His laugh was one of bitterness when he answered. “No. We’re not a part of that church, not exactly, not in the way you think. We existed many thousands of years in this realm prior to Plato, prior to this church. We’ll talk more of that later, it’s rather involved and complicated and won’t make any of tonight’s subject matter easier to swallow.”
He took another drink while glancing around the table. “Let’s get back to ghemúcht. Ghemúcht is your mind, your feelings, your awareness of self and memories, your conscience, your desires…it’s your moral compass, what became known as the soul, as I said before. At death, both are shed, or culled from the body. The ghemúcht is a part of your mhésen.”
He must have seen how baffled I was by this input of new and incomprehensible information. “If it helps we can refer to it for now as spirit and soul.”
I nodded.
“The ‘soul’ is a part of your greater ‘spirit’. The ghemúcht belongs to the mhésen, it is entwined through it. Spirit and soul are one,” he went on.
“Okay, so for the sake of my sanity, and my brain not imploding, spirit would be equivalent to mhésen, and soul to ghemúcht?”
“For the sake of simplicity and clarity, for now, yes,” Gideon conceded. “The soul belongs to the spirit. The spirit can go on without the soul, and sometimes will choose to do so, but the soul cannot choose to be without the spirit. And not all spirits have a soul, some never did, and some just have broken ones.”
I drank from my glass, pondering, and attempting to arrange, all that was swirling a
round in my brain. “When we cull, the ghemúcht comes with the mhésen?”

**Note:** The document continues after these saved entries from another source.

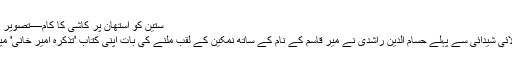
ستین کو آستھان پر کاشی کا کام—تصویر ابراہیم کنبھر
رحیم داد مولائی شیدائی سے پہلے حسام الدین راشدی نے میر قاسم کے نام کے ساتھ نمکین کے لقب ملنے کی بات اپنی کتاب 'تذکرہ امیر خانی' میں لکھی ہے۔
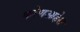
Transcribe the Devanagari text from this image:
कोणआहेस
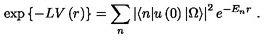
\exp { \left\{ - L V \left( r \right) \right\} } = \sum _ { n } \left| \langle n | u \left( 0 \right) | \Omega \rangle \right| ^ { 2 } e ^ { - E _ { n } r } \ .
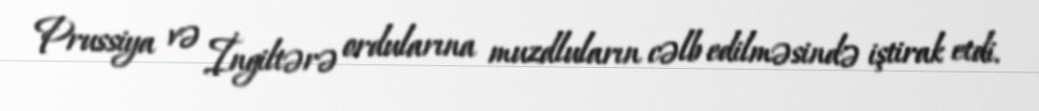
Prussiya və İngiltərə ordularına muzdluların cəlb edilməsində iştirak etdi.
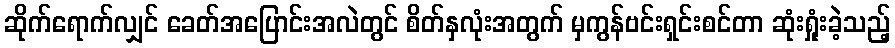
ဆိုက်ရောက်လျှင် ခေတ်အပြောင်းအလဲတွင် စိတ်နှလုံးအတွက် မှကွန်ဗင်းရှင်းစင်တာ ဆုံးရှုံးခဲ့သည့်
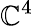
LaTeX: \mathbb{C}^{4}
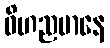
ဝိဟညမာနေ
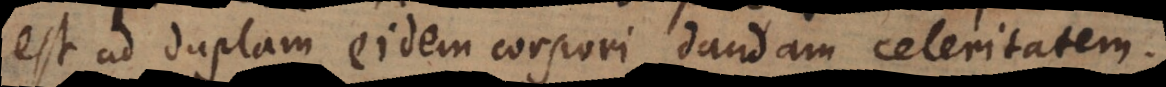
est ad duplam eidem corpori dandam celeritatem.
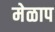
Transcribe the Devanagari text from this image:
मेळाप
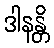
ဒါနန္တိ
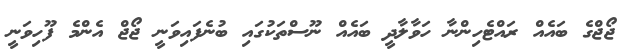
ޖޯޖްގެ ބައެއް ރައްޓެހިންނާ ހަވާލާދީ ބައެއް ނޫސްތަކުގައި ބުނެފައިވަނީ ޖޯޖް އެންމެ ފޫހިވަނީ
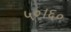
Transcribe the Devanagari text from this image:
५०।६०
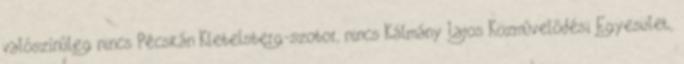
valószínûleg nincs Pécskán Klebelsberg-szobor, nincs Kálmány Lajos Közmûvelõdési Egyesület,
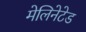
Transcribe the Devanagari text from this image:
मेलिनेटेड
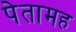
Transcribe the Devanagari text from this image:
पेतामह
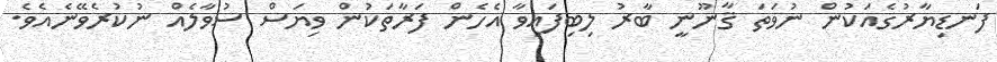
ފަނޑިޔާރުގެއަކުން ނުވަތަ ޤާނޫނީ ބާރު ލިބިފައިވާ އެހެން ފަރާތަކުން ވިޔަސް ސުވާލެއް ނުކުރެވޭނެއެވެ.
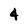
Character: 4
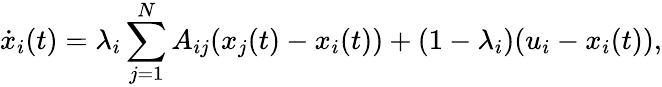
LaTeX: \dot{x}_{i}(t)=\lambda_{i}\sum_{j=1}^{N}A_{ij}(x_{j}(t)-x_{i}(t))+(1-\lambda_{i})(u_{i}-x_{i}(t)),
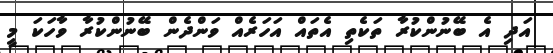
އަދި އެ ބޭނުންކުރާ ތަކެތި އެތައް އަހަރެއް ވަންދެން ބޭނުންކުރާ ވާހަކަ މީ
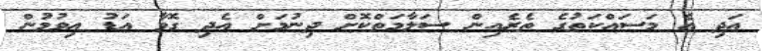
އަދި އެ މަސައްކަތުގެ ތެރެއިން ސަލާމަތްކޮށް ދިނުމަށް އެދި ގޮވާ އަޑު އިވުމުން
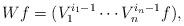
LaTeX: \begin{align*} Wf=(V_1^{i_1-1}\cdots V_n^{i_n-1}f), \end{align*}
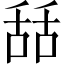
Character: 𦧚
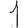
Digit: 1
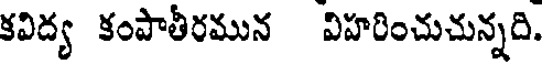
కవిద్య కంపాతీరమున విహరించుచున్నది.
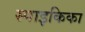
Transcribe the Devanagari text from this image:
स्पाइकिका
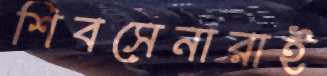
শিবসেনারাই
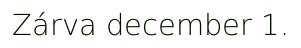
Zárva december 1.
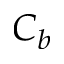
C _ { b }
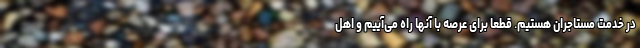
در خدمت مستاجران هستیم. قطعا برای عرصه با آنها راه می‌آییم و اهل
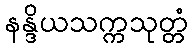
နန္ဒိယသက္ကသုတ္တံ
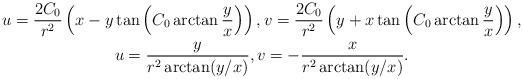
LaTeX: \begin{gather*}u=\frac{2C_0}{r^2}\left(x-y\tan\left(C_0\arctan\frac yx\right)\right), v=\frac{2C_0}{r^2}\left(y+x\tan\left(C_0\arctan\frac yx\right)\right),\\u=\frac y{r^2\arctan(y/x)},v=-\frac x{r^2\arctan(y/x)}.\end{gather*}
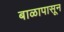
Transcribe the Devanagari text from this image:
बाळापासून
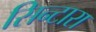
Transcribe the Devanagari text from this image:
सिन्टारा
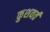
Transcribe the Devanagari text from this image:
कुशवर्त
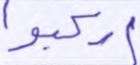
اركبوا
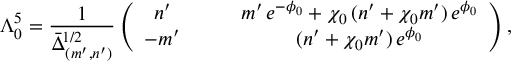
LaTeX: \Lambda _ { 0 } ^ { 5 } = \frac { 1 } { \bar { \Delta } _ { ( m ^ { \prime } , n ^ { \prime } ) } ^ { 1 / 2 } } \left( \begin{array} { c c } { { n ^ { \prime } \qquad } } & { { m ^ { \prime } \, e ^ { - \phi _ { 0 } } + \chi _ { 0 } \, ( n ^ { \prime } + \chi _ { 0 } m ^ { \prime } ) \, e ^ { \phi _ { 0 } } } } \\ { { - m ^ { \prime } \qquad } } & { { ( n ^ { \prime } + \chi _ { 0 } m ^ { \prime } ) \, e ^ { \phi _ { 0 } } } } \end{array} \right) ,
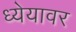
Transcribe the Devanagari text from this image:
ध्येयावर
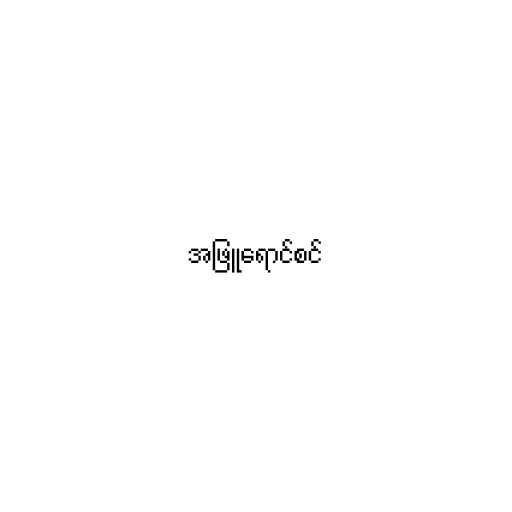
အဖြူရောင်စင်
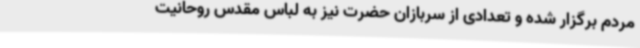
مردم برگزار شده و تعدادی از سربازان حضرت نیز به لباس مقدس روحانیت
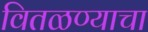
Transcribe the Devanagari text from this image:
वितळण्याचा
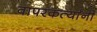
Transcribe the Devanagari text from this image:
वापरकर्त्यांनी
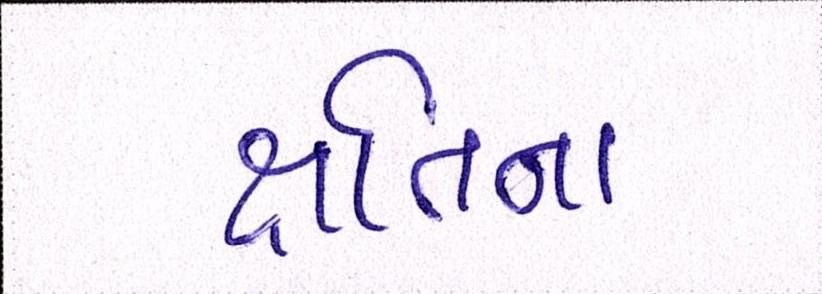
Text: ક્ષતિના
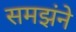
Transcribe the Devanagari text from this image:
समझंने
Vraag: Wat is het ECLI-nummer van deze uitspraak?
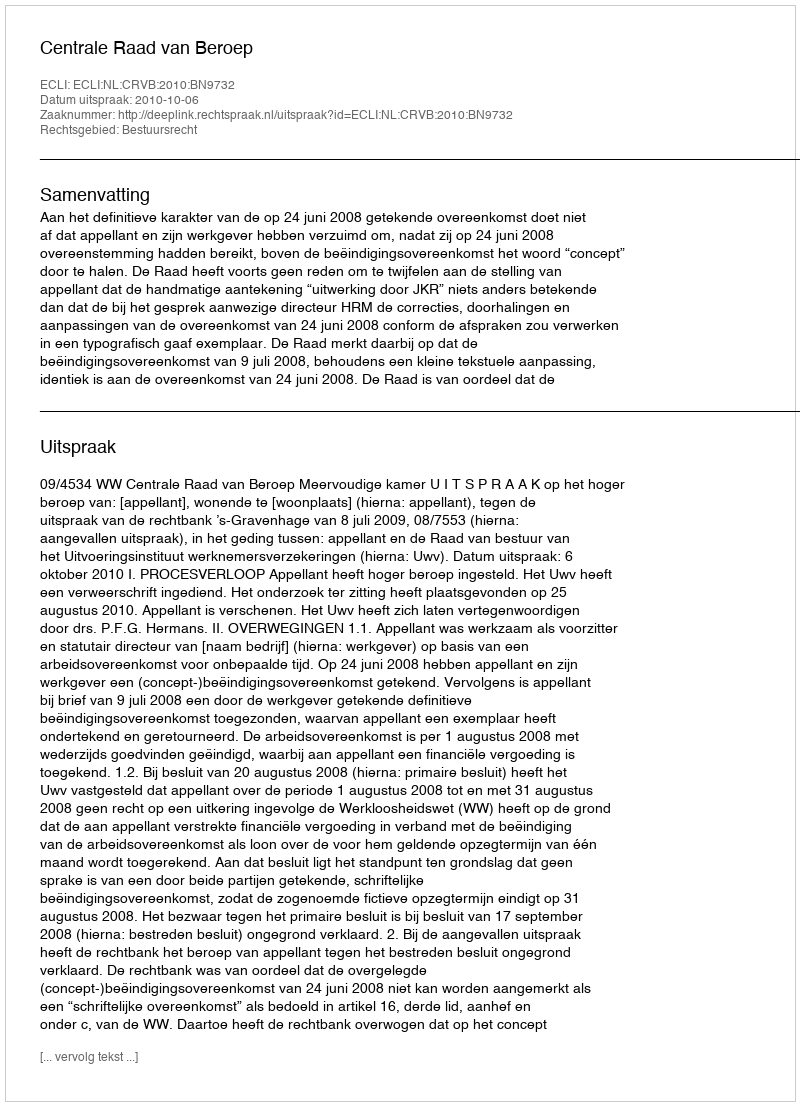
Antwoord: ECLI:NL:CRVB:2010:BN9732

“It does. You’ll come to understand it all, with more time. When we talk of it, to keep things simple, we just refer to the mhésen, since the ghemúcht is a part of the mhésen.” Gideon studied me, deemed me ready to plunge onward into this abyss of enlightenment. “To continue, Michael is our Léimhanam.” He gave a nod in Michael’s direction. “He’s rarely with us; his skills are generally utilized prior to your assignments. The Léimhanam reads the mhésen, judges it, makes the determination of its path…whether or not a Breithiúnas will be necessary.” I looked at Michael. He could read…spirits? Had he read mine? Could he read mine?
“What do you mean its path? If there is no hell what is there to judge and where would it go?”

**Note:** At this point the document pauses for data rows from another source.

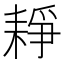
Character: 𦓺
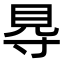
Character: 䙷
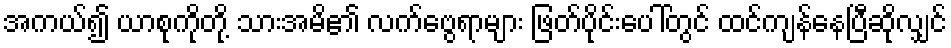
အကယ်၍ ယာစုကိုတို့ သားအမိ၏ လက်ဗွေရာများ ဖြတ်ပိုင်းပေါ်တွင် ထင်ကျန်နေပြီဆိုလျှင်
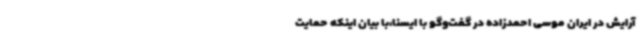
آرایش در ایران موسی احمدزاده در گفت‌وگو با ایسنا،‌با بیان اینکه حمایت
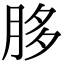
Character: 䏧
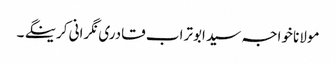
مولانا خواجہ سید ابوتراب قادری نگرانی کرینگے ۔
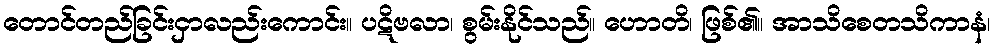
တောင်တည်ခြင်းငှာလည်းကောင်း။ ပဋိဗလာ၊ စွမ်းနိုင်သည်။ ဟောတိ၊ ဖြစ်၏။ အာသိစေတသိကာနံ၊
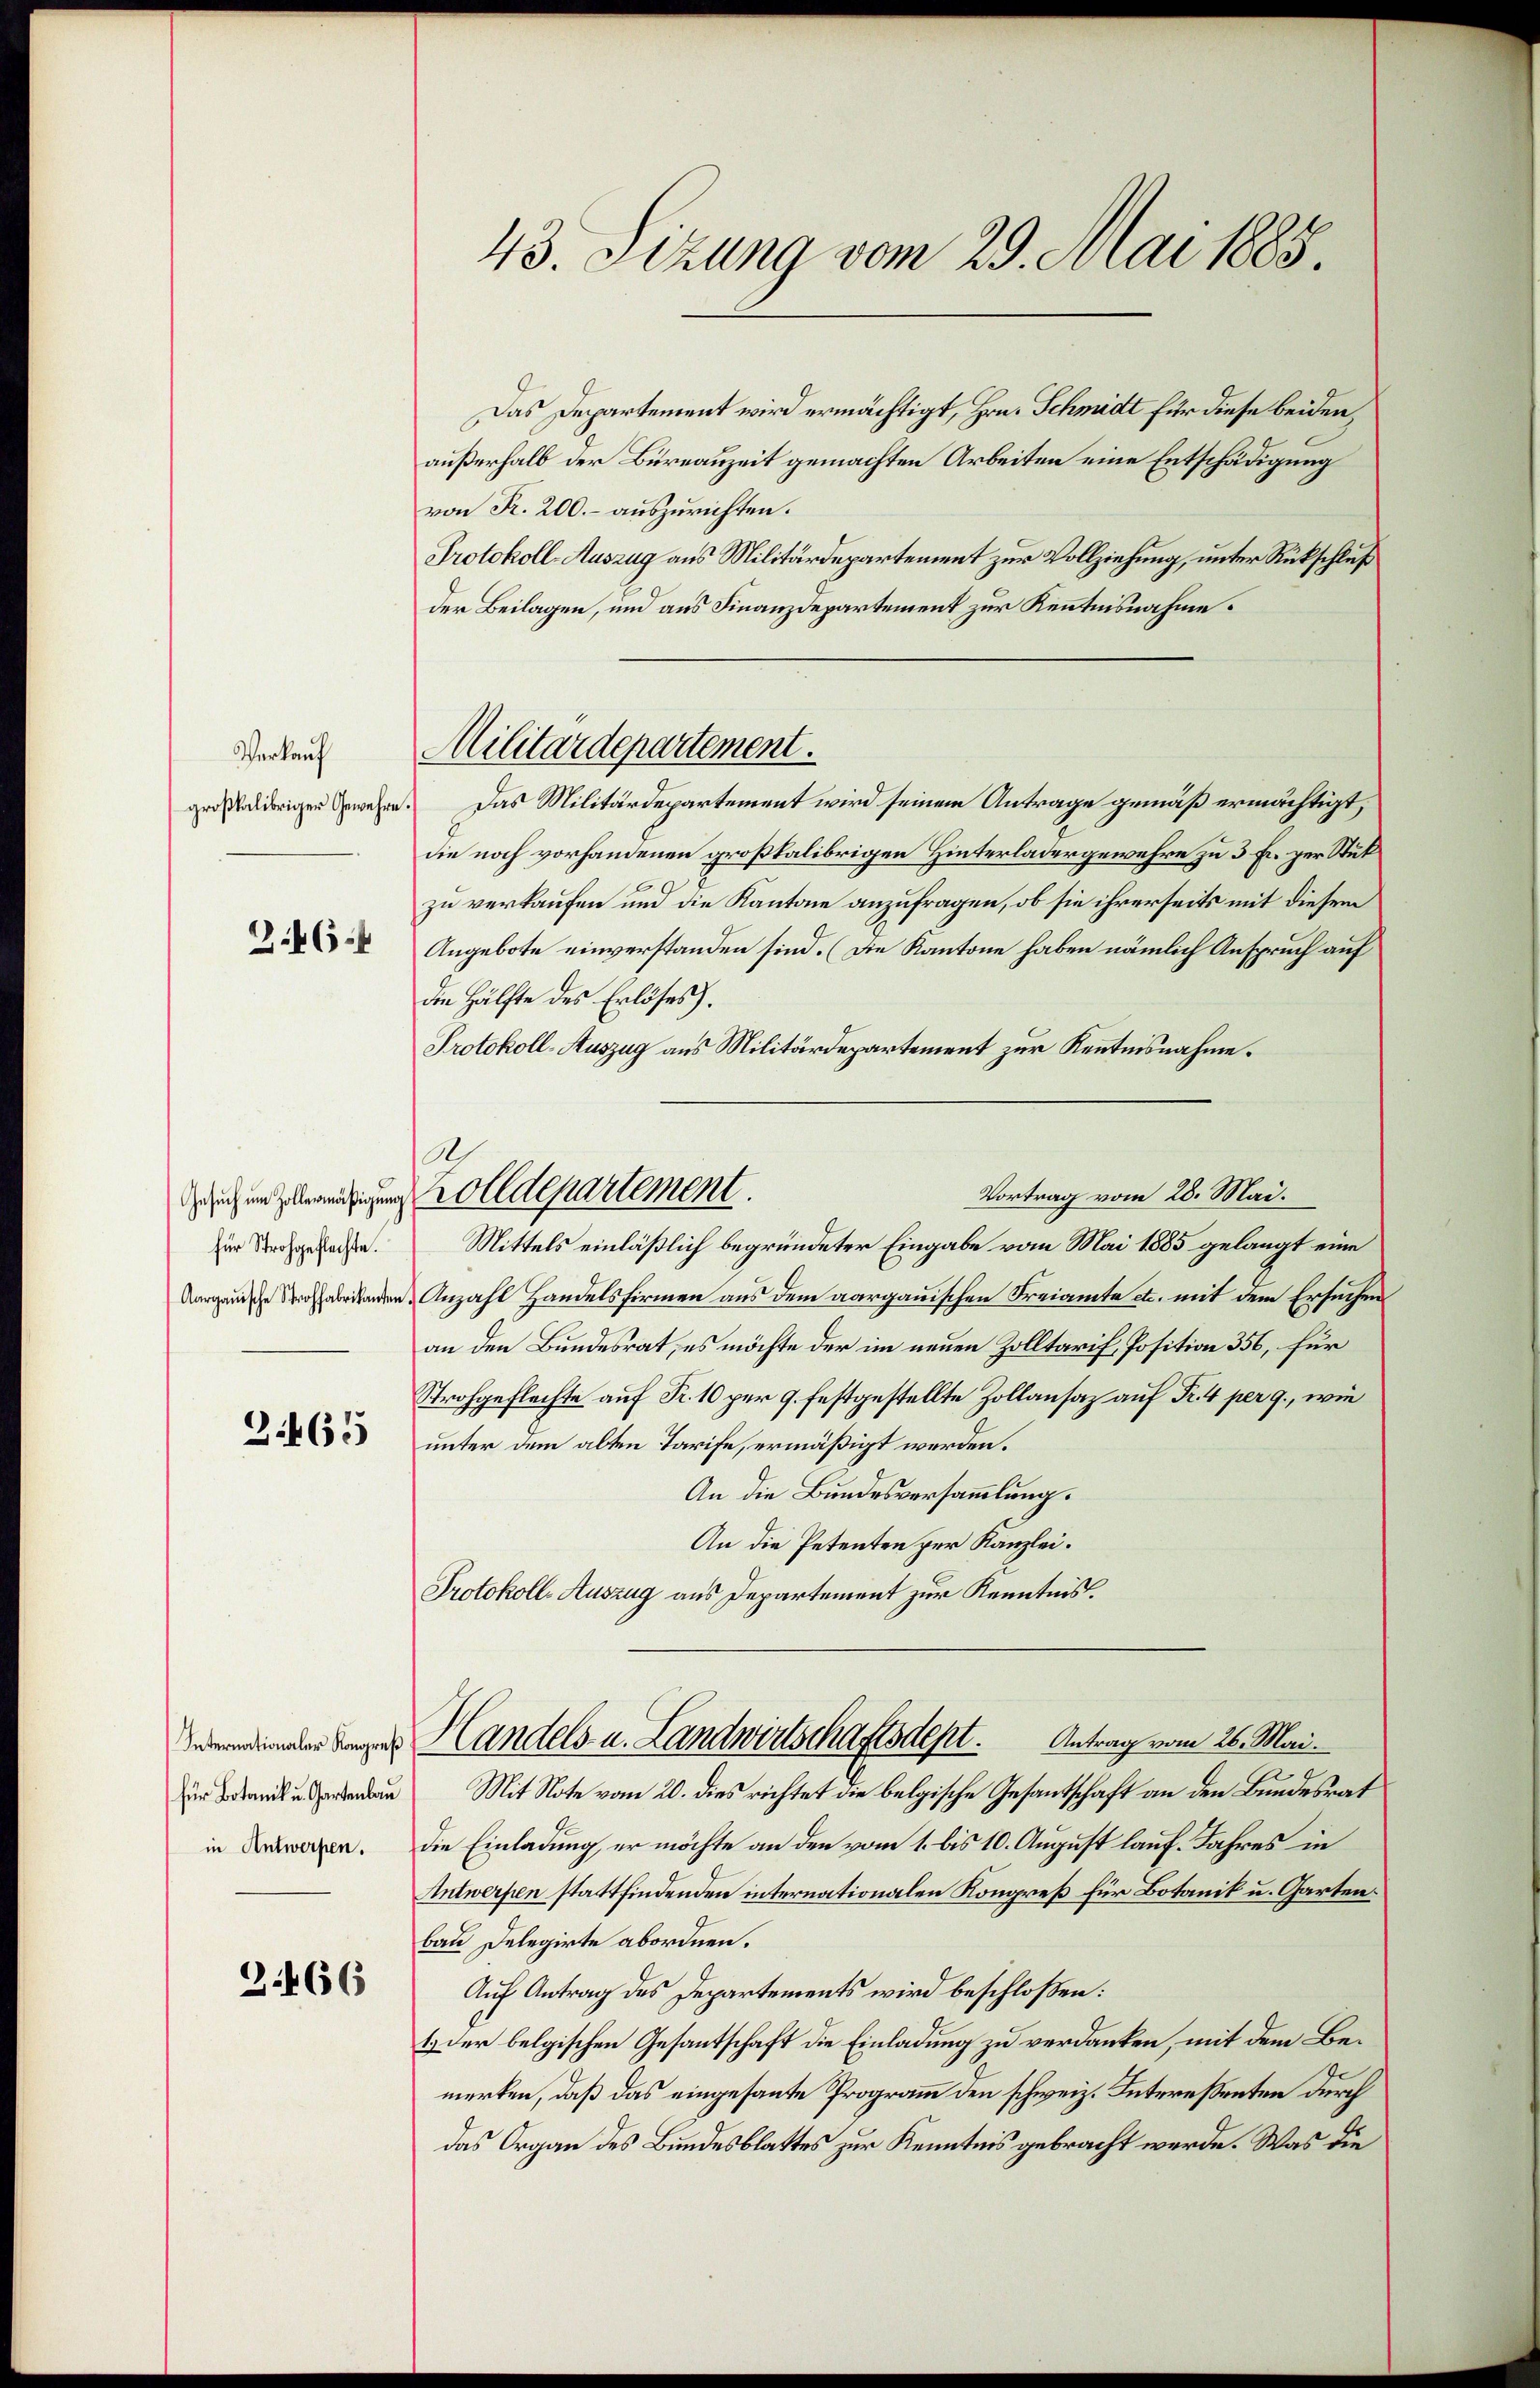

“I’m getting to that,” he smiled slightly again. “Erin is our Breithiúnas. Like Michael, she’s rarely with us either. She’ll only be with you if there is a crime to be avenged. If the penalty is to be placed on the corporeal form, instead of on the mhésen after separation from its body, Erin will show to the cull instead of you. If she is there without you, it is due to dire circumstances and she will perform the escort herself.”
“So…I’m confused. If there is no Hell—because that is what you said just a bit ago, and how humans lived in fear of punishment—then how can there be one of you that deal out punishment? Doesn’t that contradict what you were just talking about with Plato and the Catholic Church?”
“I was speaking of the church’s belief in eternal damnation for living as a mhésen is designed to live in the flesh. The punishment that a Breithiúnas deals out is in response to a life of violent crimes, a life without honor, without respect. Transgressions against humanity, misdeeds against nature, offenses against mhésen. Not gluttony, nor coveting, nor sloth, nor any of those other conditions of free will and choice.
“A moment of distress, a cleansing, and then freedom, is not the same as an eternity with no hope. Though facing the Breithiúnas in itself can be quite terrifying. Mhésen under Fódhla Laws are not condemned to an existence of pain until the end of time, they become corporeal again at some point in time depending on the edict received by Na Ceann Comhairle. I will explain much more of the Fódhla Laws at a later time. Tonight I just need you to grasp what we do directly.”